[Musical mode] How's my work flow?

Musical mode, where have you been all my life?

I’ve started creating short drum loops (2 or 4 bars in length) using Cubase’s great musical mode feature and a fully mic’ed live drum kit. Sounds great, works as advertised. Now I get to use a tempo track when I craft a song this way and I can really tweak the timing on the finished track. It’s worth it for the control over ritards alone :slight_smile:!

I’ve got a very simple test running right now. Ive recorded one 2 bar drum loop, and repeated it numerous times across a 4 minute song (using shared copies). Important point here - since this loop was recorded on a multi-mic’ed kit, it’s actually ten 2-bar loops repeated multiple times, all playing back simultaneously (ten tracks for ten mics, including the overheads and a couple rooms). All tracks are in musical mode, and they are following my tempo track changes nicely.

Only problem is - my system (Win 7 Q9550 Quadcore, 8GB ram) slows to a crawl whenever I tweak the tempo track. If I change one of my tempo ramps even by 1 bpm, the system freezes for 30-40 seconds while (I assume) it recalculates my ten tracks of repeating 2-bar long musical mode drum loops.

Am I doing something wrong, work-flow wise? Or is my system not up to this? It’s fairly modern, but are ten musical mode tracks just too much to recalculate in real time? Even if I just click Mute on a loop, I get this 30-40 second system freeze before it finishes up muting and returns control of Cubase to me.

Any help appreciated! If I disable the ten tracks of loops temporarily, the problem goes away completely (until I re-enable them, of course). So it’s definitely something to do with the musical mode loops.

Aj

P.S. Not using plug-ins yet either…

What resolution are your recorded files?

If very high (eg 32bit/96khz) then your computer may well be struggling to recalculate all those beats on-the-fly.

Also, which algorithm are you choosing for your musical mode audio? You may get better results changing this.

What’s your CPU looking like – try and monitor this while doing something in Cubase to recreate the issue.

Thanks for the reply Killawattz… I’m using 24 bit/44.1 wave files.

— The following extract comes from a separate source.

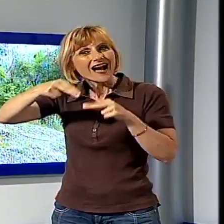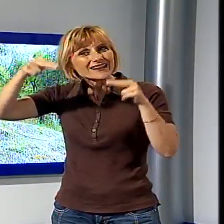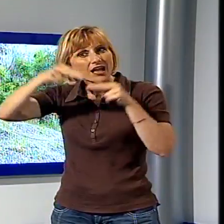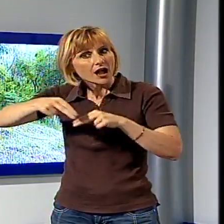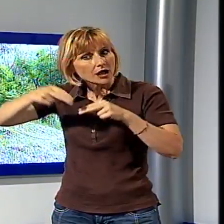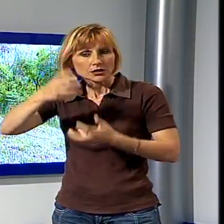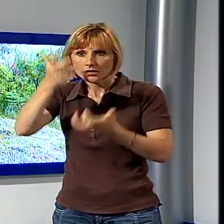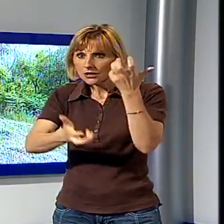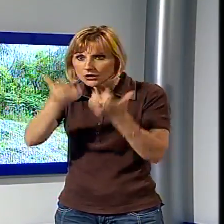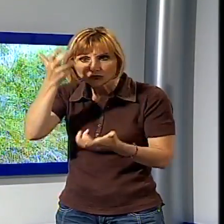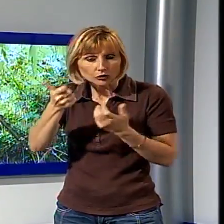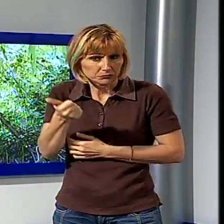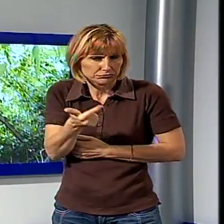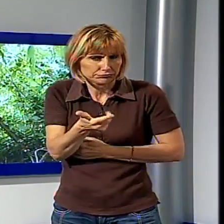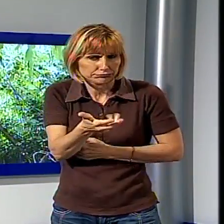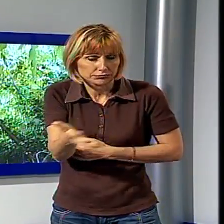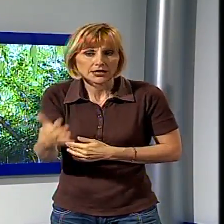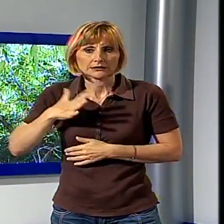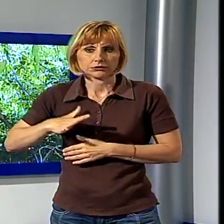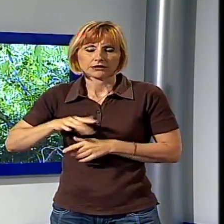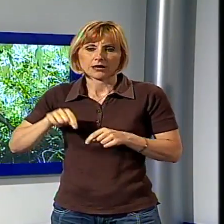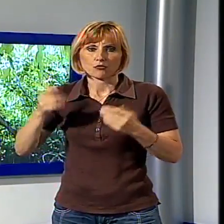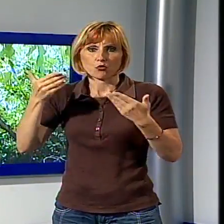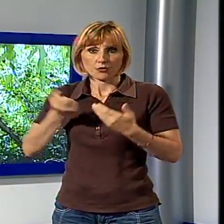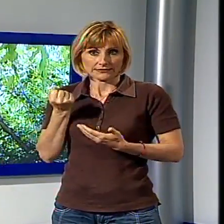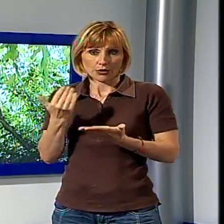oggetto di incendi dolosi che ne hanno devastato i boschi

CPU usage is at around 7% beforehand. When I tweak my tempo track (and thus the musical mode loops get re-processed), CPU jumps into the 30 percentile range - and spikes into the 50 percentile range for just a couple seconds. Then it drops back into the 30 percentile range until finished.

Again, the whole process takes about 40 seconds (occasionally a bit more), during which time Cubase is unresponsive. When complete, Cubase comes back to life, the musical mode loops match the tempo tweaks perfectly and the CPU drops back down to around 7%. And everything works as normal again.

Never had an issue like this before with any other processes. Computer has always been snappy/quick with everything I can throw at it, audio-wise. No one else seeing this problem? I always like to get a re-pro before escalating to support.

Stop the presses, figured this out on my own.

I had snipped my 2-bar drum loop out of a 22 minute live performance on the kit. Then I copied the 2-bar event over to its own folder, but didn’t then bounce the 2-bar event to it’s own file. Thus, every time I edited the tempo track, Cubase was rewarping the entire 22 minute file - 10 times over, because I had ten tracks of multi-mic’ed drums!

It’s funny how little time (40 seconds) it took to do all that, considering. Kind of amazing the speed, that’s a lot of computation going on.

Anyway, I went ahead and bounced the 2-bar loop to its own wave file. All is fine and speedy now. Relieved!

Aj

:laughing: nine times out of ten, I find out that I have only myself to blame. So your case sounds very familiar to me.

I wonder how fast it would be if it used 70-80% CPU rather than 30-50% as you said.

Is Cubase being shy or something? is it afraid to use the full power at its disposal?!

It occurred to me later that I’m lucky my computer isn’t faster! I might never have noticed what was really happening until later in the project (when it would have been harder to correct).